Top of TASK INPUT

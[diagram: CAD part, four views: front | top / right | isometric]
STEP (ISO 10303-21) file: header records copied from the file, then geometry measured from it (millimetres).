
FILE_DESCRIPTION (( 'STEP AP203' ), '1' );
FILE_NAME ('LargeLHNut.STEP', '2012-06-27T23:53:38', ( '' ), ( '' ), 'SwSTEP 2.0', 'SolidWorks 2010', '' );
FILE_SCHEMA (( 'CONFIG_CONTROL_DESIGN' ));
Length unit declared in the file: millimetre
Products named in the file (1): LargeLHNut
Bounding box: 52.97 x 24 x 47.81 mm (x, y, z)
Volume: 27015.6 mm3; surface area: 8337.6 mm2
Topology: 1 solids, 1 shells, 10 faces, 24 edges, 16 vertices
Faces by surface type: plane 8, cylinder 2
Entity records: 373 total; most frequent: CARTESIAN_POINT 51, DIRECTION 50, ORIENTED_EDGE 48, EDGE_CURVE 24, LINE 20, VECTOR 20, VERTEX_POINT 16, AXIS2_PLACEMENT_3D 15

Bottom of TASK INPUT

**EXERCISE AIM:** The records above must be repeated exactly, every one of them.

**OUTPUT OF THE EXERCISE:**
[diagram: CAD part, four views: front | top / right | isometric]
STEP (ISO 10303-21) file: header records copied from the file, then geometry measured from it (millimetres).
FILE_DESCRIPTION (( 'STEP AP203' ), '1' );
FILE_NAME ('LargeLHNut.STEP', '2012-06-27T23:53:38', ( '' ), ( '' ), 'SwSTEP 2.0', 'SolidWorks 2010', '' );
FILE_SCHEMA (( 'CONFIG_CONTROL_DESIGN' ));
Length unit declared in the file: millimetre
Products named in the file (1): LargeLHNut
Bounding box: 52.97 x 24 x 47.81 mm (x, y, z)
Volume: 27015.6 mm3; surface area: 8337.6 mm2
Topology: 1 solids, 1 shells, 10 faces, 24 edges, 16 vertices
Faces by surface type: plane 8, cylinder 2
Entity records: 373 total; most frequent: CARTESIAN_POINT 51, DIRECTION 50, ORIENTED_EDGE 48, EDGE_CURVE 24, LINE 20, VECTOR 20, VERTEX_POINT 16, AXIS2_PLACEMENT_3D 15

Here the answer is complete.